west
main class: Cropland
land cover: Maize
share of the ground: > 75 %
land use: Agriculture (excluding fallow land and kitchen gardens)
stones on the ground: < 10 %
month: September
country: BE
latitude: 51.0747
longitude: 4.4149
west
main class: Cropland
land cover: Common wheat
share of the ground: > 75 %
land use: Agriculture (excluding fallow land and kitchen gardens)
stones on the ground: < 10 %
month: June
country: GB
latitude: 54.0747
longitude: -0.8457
--
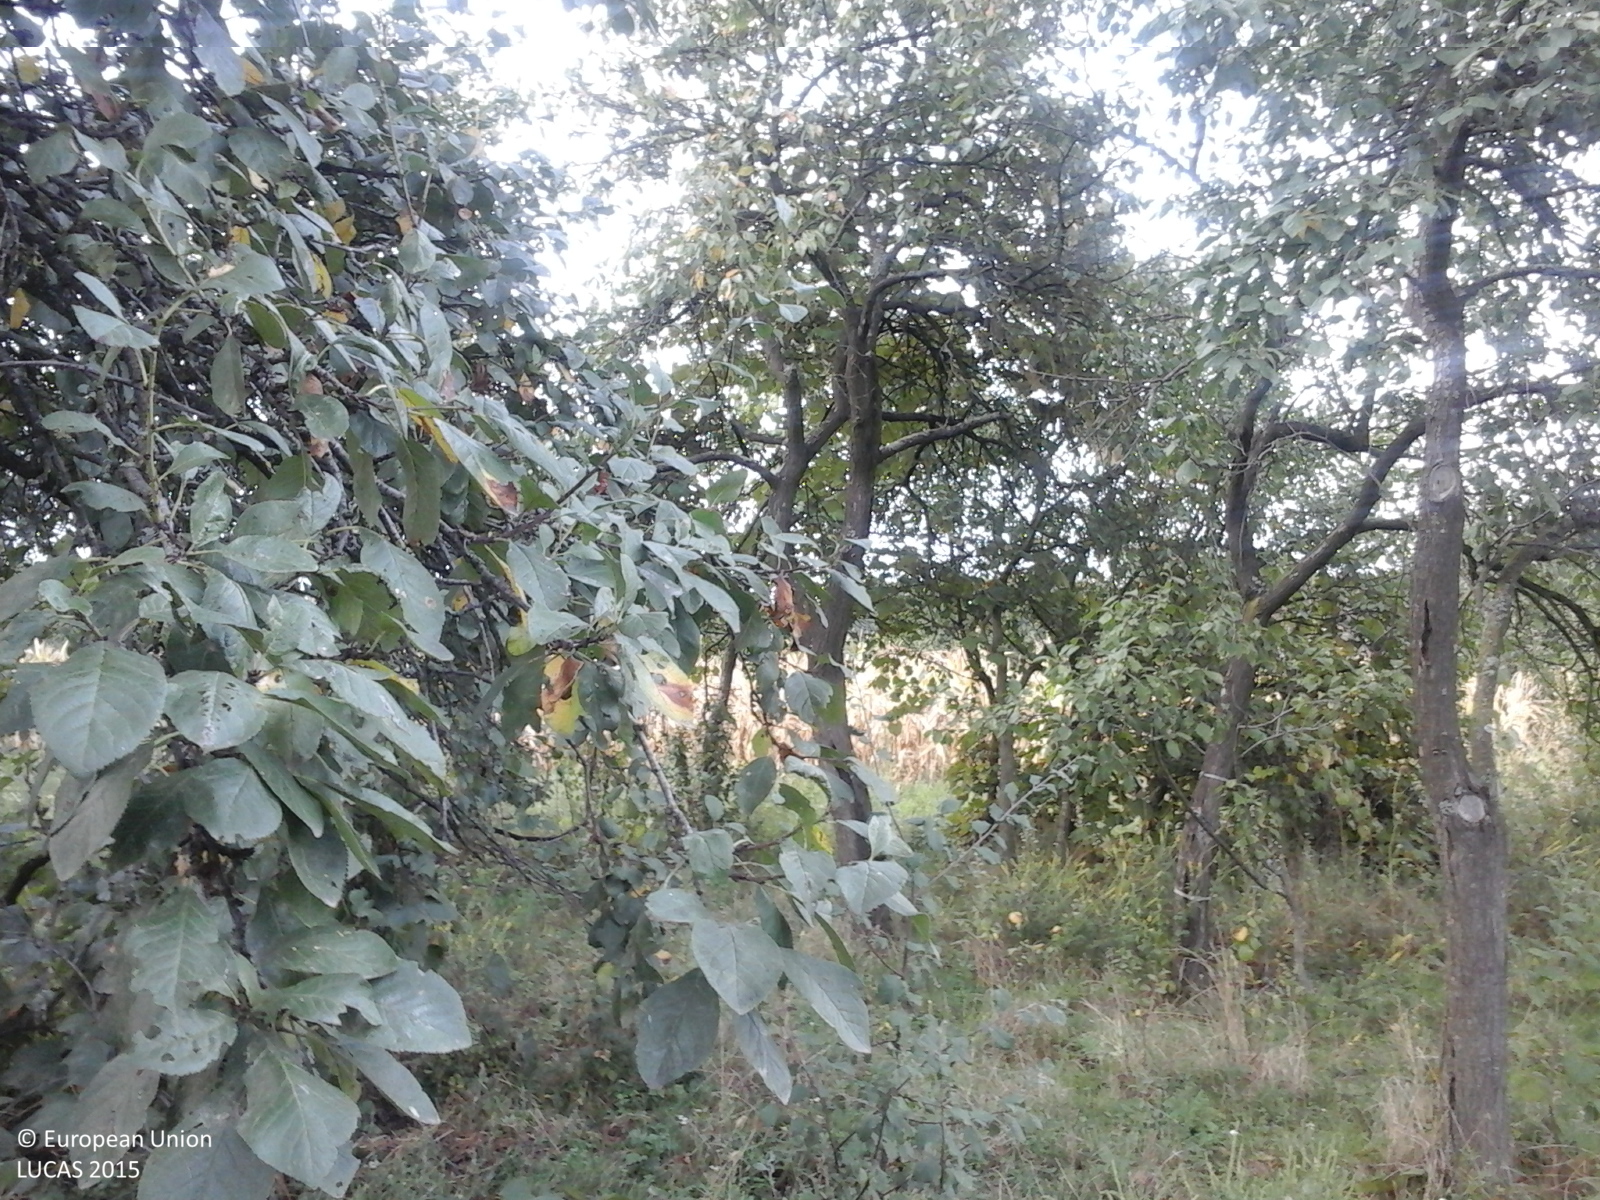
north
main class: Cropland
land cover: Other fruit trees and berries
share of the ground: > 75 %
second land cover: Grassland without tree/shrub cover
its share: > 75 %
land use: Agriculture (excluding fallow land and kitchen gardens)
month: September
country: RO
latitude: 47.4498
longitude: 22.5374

## [What to do]
Repeat exactly the lines above from the one with "land cover: Common wheat" up to and including the one with "longitude: -0.8457". No other line belongs in the reply.

## [Result for this task]
land cover: Common wheat
share of the ground: > 75 %
land use: Agriculture (excluding fallow land and kitchen gardens)
stones on the ground: < 10 %
month: June
country: GB
latitude: 54.0747
longitude: -0.8457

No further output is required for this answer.